You can further capitalise on this talent by getting them to head up mentoring and upskilling opportunities so their expertise can be carried on through the business.
Drop the attitude
Advance’s annual They Still Call Australia Home survey of Australian professionals who’ve returned to the country and those that remain abroad, shows many don’t receive the professional welcome they’d hoped for when they arrive back on home soil.
“We see how difficult it is for those who have returned to find opportunities where they can present their credentials and have them accepted, understood and valued,” says MacNamara. “There’s quite a lot of talk of those who’ve had to hide overseas experience because it’s not regarded as relevant. There are people who’ve been told to keep it off their resume.”
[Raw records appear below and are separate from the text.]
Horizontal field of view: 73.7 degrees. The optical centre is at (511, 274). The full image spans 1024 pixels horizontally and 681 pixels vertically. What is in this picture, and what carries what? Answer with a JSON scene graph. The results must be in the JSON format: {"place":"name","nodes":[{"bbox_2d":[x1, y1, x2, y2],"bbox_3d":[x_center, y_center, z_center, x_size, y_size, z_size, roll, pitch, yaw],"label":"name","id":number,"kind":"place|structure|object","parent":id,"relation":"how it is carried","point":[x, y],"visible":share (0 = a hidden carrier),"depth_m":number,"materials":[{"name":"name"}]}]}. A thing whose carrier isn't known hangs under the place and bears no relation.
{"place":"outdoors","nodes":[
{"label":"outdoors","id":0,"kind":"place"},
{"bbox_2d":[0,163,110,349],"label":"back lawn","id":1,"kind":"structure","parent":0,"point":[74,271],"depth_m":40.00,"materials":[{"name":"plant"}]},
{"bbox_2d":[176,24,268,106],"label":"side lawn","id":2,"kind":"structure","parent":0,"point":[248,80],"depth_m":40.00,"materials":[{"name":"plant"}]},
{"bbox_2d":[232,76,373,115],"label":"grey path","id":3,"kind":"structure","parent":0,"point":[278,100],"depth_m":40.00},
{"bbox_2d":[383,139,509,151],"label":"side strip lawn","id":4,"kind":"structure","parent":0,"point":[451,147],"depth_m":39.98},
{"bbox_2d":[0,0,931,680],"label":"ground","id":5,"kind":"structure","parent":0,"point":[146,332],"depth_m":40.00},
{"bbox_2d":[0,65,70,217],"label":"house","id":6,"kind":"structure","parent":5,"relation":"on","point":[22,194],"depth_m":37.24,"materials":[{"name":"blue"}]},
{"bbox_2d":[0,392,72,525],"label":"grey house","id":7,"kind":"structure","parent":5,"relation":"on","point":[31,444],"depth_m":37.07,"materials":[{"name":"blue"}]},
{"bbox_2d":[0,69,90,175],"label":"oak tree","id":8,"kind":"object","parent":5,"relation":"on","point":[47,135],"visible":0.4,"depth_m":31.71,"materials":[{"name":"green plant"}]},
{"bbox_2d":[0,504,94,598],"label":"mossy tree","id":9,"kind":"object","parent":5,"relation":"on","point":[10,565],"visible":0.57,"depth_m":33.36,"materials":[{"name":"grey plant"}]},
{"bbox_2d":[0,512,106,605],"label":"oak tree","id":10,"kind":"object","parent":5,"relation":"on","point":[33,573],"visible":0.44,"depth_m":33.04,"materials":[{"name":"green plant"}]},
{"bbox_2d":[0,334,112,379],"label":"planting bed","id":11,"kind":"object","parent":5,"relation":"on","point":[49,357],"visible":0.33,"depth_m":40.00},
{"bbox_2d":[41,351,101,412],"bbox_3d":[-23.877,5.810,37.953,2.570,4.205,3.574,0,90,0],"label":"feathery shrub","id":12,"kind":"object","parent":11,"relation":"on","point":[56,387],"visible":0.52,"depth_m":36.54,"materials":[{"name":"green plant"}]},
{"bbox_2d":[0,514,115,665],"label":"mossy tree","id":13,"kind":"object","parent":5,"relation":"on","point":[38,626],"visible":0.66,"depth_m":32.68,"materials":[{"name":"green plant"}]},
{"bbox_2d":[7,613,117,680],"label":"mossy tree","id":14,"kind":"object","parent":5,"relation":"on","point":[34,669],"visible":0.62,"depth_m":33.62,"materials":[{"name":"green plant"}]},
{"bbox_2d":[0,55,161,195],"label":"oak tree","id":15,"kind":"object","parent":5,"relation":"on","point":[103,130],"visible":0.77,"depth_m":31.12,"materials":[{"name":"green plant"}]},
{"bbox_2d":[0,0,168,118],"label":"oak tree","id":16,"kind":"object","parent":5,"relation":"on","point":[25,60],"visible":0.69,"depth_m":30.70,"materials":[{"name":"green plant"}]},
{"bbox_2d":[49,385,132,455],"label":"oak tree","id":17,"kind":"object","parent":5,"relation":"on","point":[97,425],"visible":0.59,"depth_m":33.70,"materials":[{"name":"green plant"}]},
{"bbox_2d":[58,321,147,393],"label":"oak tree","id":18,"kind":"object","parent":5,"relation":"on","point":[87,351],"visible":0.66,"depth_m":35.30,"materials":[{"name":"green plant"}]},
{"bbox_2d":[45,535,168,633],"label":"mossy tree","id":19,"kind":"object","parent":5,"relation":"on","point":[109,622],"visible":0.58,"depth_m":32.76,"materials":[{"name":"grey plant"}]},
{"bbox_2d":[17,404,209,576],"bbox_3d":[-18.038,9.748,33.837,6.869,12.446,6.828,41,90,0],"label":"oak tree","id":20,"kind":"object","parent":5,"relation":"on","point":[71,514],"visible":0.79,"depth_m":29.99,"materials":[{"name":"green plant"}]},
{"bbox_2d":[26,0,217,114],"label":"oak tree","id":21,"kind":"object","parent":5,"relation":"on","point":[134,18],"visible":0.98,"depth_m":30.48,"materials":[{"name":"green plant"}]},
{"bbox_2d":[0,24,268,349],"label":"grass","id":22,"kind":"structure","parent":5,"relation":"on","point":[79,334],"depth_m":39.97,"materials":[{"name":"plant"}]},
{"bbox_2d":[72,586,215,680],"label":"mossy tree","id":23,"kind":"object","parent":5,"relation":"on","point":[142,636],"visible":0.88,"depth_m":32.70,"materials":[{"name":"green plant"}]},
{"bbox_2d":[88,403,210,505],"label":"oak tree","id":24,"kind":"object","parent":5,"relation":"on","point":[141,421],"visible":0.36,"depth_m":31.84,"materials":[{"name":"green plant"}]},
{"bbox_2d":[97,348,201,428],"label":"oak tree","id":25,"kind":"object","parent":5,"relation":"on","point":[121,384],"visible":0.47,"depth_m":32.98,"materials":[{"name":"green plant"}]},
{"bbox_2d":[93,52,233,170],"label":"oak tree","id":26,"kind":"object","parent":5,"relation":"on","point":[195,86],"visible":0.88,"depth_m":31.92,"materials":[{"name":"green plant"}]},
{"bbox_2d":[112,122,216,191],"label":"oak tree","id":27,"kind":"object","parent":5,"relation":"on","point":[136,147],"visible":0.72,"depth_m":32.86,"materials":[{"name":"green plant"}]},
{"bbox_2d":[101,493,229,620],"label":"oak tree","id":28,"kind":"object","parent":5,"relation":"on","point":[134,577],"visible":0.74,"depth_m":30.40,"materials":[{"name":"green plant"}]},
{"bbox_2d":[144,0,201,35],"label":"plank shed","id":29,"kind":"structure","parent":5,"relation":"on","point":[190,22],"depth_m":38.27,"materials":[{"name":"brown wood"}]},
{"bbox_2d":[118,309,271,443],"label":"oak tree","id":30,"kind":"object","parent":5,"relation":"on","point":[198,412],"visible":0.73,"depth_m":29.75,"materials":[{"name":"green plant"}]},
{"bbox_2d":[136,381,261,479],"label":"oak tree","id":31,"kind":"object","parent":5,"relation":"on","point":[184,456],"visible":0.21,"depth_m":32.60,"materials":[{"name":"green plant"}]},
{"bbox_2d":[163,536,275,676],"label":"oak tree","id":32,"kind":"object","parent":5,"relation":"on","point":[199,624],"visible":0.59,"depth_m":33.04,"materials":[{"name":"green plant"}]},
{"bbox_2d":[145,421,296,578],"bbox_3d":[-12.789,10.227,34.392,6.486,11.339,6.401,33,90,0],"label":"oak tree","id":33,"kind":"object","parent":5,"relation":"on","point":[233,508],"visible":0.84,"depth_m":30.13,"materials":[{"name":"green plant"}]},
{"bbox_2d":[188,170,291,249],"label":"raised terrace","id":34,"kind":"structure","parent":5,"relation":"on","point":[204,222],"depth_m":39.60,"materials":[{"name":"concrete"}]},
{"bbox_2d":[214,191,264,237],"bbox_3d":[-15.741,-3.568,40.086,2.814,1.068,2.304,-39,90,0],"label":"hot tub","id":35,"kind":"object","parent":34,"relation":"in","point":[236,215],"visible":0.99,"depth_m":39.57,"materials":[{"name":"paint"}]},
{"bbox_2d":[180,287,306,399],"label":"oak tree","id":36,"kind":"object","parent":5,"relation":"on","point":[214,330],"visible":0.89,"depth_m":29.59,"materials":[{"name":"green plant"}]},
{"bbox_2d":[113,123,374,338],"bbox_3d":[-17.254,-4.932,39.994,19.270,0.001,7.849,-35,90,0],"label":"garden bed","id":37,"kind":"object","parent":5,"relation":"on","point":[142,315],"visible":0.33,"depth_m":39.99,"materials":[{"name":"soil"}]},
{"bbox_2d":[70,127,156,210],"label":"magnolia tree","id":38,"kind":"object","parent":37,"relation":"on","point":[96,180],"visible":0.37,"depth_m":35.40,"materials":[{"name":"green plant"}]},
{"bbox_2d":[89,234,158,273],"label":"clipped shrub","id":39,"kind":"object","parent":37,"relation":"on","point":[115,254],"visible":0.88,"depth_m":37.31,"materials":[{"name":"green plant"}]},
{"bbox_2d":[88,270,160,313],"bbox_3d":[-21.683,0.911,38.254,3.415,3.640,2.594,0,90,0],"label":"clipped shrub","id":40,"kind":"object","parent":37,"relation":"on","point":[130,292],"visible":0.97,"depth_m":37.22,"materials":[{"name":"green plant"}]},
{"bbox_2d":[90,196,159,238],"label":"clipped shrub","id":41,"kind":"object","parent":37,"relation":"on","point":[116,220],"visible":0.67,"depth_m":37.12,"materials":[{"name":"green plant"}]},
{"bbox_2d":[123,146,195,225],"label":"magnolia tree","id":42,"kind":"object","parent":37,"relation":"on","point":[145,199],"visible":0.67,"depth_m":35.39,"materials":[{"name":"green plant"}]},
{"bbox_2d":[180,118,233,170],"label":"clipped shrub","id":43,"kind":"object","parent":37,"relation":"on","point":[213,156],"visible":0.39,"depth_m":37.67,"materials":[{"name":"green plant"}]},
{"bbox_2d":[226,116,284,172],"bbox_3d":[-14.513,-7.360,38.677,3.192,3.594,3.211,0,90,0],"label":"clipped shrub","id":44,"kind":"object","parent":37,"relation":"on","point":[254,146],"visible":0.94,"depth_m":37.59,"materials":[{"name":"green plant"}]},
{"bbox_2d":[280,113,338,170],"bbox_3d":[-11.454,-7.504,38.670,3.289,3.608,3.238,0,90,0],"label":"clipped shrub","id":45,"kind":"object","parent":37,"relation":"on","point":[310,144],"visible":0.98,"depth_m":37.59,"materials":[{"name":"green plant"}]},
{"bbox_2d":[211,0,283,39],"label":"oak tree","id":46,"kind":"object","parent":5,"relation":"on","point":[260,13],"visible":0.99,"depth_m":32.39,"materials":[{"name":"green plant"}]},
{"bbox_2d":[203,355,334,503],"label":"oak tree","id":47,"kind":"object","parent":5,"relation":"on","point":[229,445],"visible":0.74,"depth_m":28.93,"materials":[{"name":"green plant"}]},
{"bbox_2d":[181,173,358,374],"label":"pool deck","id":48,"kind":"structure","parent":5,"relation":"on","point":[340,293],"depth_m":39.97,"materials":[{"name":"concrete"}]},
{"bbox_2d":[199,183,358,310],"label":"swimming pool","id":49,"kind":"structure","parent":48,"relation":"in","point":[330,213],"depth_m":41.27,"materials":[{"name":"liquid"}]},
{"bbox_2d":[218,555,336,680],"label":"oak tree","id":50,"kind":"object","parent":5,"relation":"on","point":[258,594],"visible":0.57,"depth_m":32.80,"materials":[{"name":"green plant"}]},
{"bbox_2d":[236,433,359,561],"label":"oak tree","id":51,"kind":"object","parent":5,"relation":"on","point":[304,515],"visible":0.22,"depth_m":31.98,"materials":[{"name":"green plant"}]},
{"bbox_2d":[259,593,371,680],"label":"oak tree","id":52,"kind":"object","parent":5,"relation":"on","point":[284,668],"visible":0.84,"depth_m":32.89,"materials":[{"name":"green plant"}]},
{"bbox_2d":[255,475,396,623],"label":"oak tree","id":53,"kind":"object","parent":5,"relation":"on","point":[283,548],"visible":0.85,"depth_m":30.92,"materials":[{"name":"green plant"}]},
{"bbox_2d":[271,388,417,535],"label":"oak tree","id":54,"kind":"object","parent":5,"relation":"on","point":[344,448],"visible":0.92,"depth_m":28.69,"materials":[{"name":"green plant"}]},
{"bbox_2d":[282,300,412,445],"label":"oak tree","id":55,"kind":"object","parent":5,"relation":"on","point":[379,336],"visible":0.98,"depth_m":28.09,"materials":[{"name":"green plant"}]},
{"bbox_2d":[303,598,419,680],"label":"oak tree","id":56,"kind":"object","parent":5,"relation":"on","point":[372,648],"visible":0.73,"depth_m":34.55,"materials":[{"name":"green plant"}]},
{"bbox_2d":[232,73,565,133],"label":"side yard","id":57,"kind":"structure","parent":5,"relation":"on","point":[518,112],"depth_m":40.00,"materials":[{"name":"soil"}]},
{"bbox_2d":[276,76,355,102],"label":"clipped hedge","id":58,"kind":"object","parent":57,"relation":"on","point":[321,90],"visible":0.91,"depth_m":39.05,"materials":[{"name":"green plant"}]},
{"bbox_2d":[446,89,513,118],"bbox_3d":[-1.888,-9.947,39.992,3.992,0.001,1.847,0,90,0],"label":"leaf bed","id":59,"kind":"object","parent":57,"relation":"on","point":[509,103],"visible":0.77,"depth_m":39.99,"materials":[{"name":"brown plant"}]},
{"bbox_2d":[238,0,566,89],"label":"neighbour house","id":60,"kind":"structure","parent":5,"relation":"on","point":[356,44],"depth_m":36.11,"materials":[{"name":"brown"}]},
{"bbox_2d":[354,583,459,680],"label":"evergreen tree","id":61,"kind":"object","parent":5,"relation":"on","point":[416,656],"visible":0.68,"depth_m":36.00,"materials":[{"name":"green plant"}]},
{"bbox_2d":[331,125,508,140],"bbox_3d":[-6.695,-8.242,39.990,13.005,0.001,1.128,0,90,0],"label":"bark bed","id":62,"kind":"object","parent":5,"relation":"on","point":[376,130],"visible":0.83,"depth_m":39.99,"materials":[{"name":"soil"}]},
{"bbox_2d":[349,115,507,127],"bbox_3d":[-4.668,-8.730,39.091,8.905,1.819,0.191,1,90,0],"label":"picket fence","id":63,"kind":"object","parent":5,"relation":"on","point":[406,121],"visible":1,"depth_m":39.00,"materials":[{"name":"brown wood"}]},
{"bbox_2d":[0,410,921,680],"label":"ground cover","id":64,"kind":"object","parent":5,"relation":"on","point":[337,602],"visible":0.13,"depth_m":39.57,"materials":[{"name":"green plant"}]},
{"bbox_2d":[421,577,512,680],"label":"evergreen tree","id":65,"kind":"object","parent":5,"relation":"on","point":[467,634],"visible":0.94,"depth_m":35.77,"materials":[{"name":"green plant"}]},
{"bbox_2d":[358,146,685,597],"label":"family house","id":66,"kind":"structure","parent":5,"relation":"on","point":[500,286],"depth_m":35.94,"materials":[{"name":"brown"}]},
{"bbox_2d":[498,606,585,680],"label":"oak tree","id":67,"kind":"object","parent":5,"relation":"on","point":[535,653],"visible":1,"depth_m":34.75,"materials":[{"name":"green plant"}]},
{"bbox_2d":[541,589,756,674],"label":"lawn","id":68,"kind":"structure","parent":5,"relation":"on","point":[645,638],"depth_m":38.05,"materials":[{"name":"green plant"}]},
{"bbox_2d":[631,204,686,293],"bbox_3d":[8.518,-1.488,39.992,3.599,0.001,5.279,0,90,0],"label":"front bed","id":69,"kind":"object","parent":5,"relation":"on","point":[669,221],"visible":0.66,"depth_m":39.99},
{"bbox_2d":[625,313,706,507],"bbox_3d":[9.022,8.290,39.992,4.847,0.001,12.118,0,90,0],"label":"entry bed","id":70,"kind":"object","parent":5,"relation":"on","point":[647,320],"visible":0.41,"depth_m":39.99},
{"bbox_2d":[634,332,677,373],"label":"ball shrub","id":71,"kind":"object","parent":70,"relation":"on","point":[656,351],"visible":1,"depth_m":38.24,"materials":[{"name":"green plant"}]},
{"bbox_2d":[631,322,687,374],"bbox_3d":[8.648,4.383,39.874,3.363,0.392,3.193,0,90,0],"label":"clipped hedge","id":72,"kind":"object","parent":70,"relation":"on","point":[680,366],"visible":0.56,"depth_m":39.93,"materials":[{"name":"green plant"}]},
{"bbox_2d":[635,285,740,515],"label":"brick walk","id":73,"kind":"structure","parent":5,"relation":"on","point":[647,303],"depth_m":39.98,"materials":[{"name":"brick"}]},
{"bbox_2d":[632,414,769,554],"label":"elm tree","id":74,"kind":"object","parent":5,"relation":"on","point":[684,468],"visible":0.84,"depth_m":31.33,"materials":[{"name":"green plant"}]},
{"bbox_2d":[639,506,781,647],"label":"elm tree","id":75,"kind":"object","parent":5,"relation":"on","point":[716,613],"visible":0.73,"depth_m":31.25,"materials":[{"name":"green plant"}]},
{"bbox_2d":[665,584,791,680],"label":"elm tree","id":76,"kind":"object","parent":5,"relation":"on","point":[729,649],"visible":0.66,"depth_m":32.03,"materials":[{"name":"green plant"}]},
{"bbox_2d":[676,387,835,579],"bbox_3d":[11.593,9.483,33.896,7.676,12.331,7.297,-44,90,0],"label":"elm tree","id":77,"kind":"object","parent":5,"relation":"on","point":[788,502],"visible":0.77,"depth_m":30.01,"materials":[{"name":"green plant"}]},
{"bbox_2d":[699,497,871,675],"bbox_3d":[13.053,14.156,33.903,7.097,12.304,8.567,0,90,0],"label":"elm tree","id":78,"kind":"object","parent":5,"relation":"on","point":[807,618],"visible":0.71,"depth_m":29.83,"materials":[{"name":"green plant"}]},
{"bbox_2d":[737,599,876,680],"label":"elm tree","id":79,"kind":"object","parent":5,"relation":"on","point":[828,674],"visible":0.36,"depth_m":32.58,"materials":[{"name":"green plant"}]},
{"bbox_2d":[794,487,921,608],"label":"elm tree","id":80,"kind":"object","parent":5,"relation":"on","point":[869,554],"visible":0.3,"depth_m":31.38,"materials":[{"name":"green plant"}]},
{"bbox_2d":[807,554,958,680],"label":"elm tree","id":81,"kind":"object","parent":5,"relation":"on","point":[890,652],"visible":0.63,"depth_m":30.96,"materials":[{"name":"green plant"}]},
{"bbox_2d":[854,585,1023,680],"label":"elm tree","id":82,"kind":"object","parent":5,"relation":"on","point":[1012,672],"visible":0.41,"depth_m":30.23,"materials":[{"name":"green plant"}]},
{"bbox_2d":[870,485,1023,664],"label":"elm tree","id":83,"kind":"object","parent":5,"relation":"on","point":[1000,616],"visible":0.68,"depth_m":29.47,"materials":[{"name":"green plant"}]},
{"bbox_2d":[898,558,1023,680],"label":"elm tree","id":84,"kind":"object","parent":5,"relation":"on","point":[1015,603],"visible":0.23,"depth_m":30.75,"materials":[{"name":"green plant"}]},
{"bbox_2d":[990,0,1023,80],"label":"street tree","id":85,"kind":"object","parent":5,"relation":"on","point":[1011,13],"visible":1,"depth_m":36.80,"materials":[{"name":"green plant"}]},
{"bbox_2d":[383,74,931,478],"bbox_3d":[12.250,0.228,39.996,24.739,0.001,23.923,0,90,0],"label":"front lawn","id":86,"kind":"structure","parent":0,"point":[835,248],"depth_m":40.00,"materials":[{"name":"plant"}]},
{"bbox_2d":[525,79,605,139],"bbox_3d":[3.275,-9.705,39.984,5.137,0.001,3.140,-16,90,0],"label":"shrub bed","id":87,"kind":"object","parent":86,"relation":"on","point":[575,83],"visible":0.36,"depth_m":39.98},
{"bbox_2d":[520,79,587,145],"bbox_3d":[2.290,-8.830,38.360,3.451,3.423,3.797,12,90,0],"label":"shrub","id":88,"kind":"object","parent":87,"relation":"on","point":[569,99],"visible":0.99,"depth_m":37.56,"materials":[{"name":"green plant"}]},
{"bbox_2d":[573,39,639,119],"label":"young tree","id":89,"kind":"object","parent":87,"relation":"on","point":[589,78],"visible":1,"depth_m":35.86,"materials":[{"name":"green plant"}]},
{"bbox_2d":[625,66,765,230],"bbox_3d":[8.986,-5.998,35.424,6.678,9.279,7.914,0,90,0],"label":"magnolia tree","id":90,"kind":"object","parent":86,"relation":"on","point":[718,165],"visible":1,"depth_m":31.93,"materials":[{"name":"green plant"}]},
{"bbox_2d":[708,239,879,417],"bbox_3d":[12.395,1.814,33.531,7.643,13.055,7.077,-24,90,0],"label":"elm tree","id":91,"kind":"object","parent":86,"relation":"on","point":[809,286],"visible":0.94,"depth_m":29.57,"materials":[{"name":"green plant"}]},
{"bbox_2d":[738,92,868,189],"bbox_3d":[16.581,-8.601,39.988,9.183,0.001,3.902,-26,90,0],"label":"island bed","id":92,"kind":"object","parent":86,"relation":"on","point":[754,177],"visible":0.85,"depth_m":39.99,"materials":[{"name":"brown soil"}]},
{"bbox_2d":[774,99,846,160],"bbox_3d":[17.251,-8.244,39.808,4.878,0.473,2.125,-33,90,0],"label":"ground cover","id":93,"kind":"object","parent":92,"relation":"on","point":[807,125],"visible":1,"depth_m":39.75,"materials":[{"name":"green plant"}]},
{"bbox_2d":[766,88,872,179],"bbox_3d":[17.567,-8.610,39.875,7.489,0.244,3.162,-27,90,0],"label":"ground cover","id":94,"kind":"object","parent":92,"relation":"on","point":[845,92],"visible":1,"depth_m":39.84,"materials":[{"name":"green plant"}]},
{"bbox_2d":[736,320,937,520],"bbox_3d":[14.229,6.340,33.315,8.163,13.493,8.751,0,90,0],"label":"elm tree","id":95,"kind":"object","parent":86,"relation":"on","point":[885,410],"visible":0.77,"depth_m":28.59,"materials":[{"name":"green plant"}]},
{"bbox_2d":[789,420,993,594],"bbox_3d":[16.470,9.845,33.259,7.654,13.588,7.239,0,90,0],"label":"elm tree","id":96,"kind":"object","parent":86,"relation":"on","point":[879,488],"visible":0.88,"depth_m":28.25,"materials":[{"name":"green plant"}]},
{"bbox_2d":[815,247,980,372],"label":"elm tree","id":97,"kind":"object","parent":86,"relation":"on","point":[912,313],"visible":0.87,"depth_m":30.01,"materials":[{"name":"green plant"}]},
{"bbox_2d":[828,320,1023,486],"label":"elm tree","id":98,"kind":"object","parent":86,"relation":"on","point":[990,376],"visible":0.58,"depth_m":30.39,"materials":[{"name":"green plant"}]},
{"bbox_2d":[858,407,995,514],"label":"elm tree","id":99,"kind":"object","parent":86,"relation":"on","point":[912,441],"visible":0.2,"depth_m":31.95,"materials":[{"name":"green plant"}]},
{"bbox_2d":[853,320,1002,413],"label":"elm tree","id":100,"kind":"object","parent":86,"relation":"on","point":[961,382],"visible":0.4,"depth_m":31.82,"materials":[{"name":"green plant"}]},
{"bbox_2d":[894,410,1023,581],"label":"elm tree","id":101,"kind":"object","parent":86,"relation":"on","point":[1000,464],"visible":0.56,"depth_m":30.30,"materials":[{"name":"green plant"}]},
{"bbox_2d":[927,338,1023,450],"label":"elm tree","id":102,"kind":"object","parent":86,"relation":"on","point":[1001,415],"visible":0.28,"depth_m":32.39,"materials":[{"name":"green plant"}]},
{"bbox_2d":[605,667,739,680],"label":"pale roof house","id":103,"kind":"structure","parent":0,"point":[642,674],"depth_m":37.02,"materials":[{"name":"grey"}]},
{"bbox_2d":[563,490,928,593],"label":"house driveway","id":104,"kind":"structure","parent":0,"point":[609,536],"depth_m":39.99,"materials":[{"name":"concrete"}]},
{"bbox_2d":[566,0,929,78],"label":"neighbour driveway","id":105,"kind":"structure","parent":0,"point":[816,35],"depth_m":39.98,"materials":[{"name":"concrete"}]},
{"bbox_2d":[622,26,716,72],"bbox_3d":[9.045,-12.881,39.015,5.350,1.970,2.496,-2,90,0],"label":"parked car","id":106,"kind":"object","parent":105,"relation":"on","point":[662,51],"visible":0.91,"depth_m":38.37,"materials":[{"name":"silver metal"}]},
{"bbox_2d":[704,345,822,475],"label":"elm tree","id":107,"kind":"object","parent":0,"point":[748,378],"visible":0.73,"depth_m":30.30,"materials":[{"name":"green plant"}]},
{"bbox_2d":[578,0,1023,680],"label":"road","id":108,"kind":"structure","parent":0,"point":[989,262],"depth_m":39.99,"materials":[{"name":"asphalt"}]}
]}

Paul Simms, founder and director of Wright Executive, says he’s received many calls from newly-returned Australian candidates this year, but that they often face the challenge of “insular” employer attitudes. “Australians who have worked overseas come back as a more well-rounded and experienced individual, but I just think the Australian hiring market tends to be quite insular,” he says.
“Hiring managers are still hung up on [candidates] needing recent local experience doing exactly the same job that they want you to do for them.”
Matthew Gribble, regional director of Michael Page, believes the Australian market has become more open to international experience, but that “there’s still some way to go”.
“I think there’s a greater openness to that talent at professional and middle-management levels, but when you get into senior management, particularly in roles that value relationships and local networks, it seems harder for candidates to break through.”
A recent study by PwC shows Australian businesses lack a strong track record of external collaboration with just 7.7 per cent of Australian businesses collaborating with international firms while innovating products and/or processes. It also shows that 69 per cent of a survey group of 1,039 recently returned Australians did not collaborate with businesses or colleagues in Australia, with 25 per cent saying this is because Australian-based peers weren’t interested.
“I think it has come down to a lack of global ambition,” says MacNamara. “We’ve had such a good run for so many years, we haven’t had to try beyond our own shores and the global stuff that we’ve done is at the margins.
“So often, the global Australians who return find opportunity in high-growth companies that were born global, such as digital companies that have no intention of just being an Australian [company] in the Australian market.”
Make sure your hiring managers don’t fall victim to unconscious bias. AHRI’s online short course Managing Unconscious Bias is designed to help you recognise the prevalence and impact of these subconscious impressions and offers techniques to overcome it. Sign up for the next source on December 16 2020.
International attraction
If Australian businesses want to reset for success, attracting talent with global experience presents a huge opportunity. Gribble says the most practical way to attract them is to make them feel welcome.
“Let it be known that you attract that talent and make it part of your story,” he says.
“If you’ve hired Australians who have returned from overseas, or international candidates immigrating to Australia, tell the stories. Tell your recruitment partners that you want to see candidates with international experience.”
MacNamara advises making the recruitment process central to plans for business transformation.
“The key message from our research is that this is the single greatest opportunity this country has ever had in order to tap and keep a talent pool,” she says.
“We broke our economy to save the population’s health and now we’re turning our attention to reviving the economy, so we have nothing to lose,” she adds. “And, fortunately, for those businesses that are serious about transformation, there’s now a larger pool of talent to help them do it.”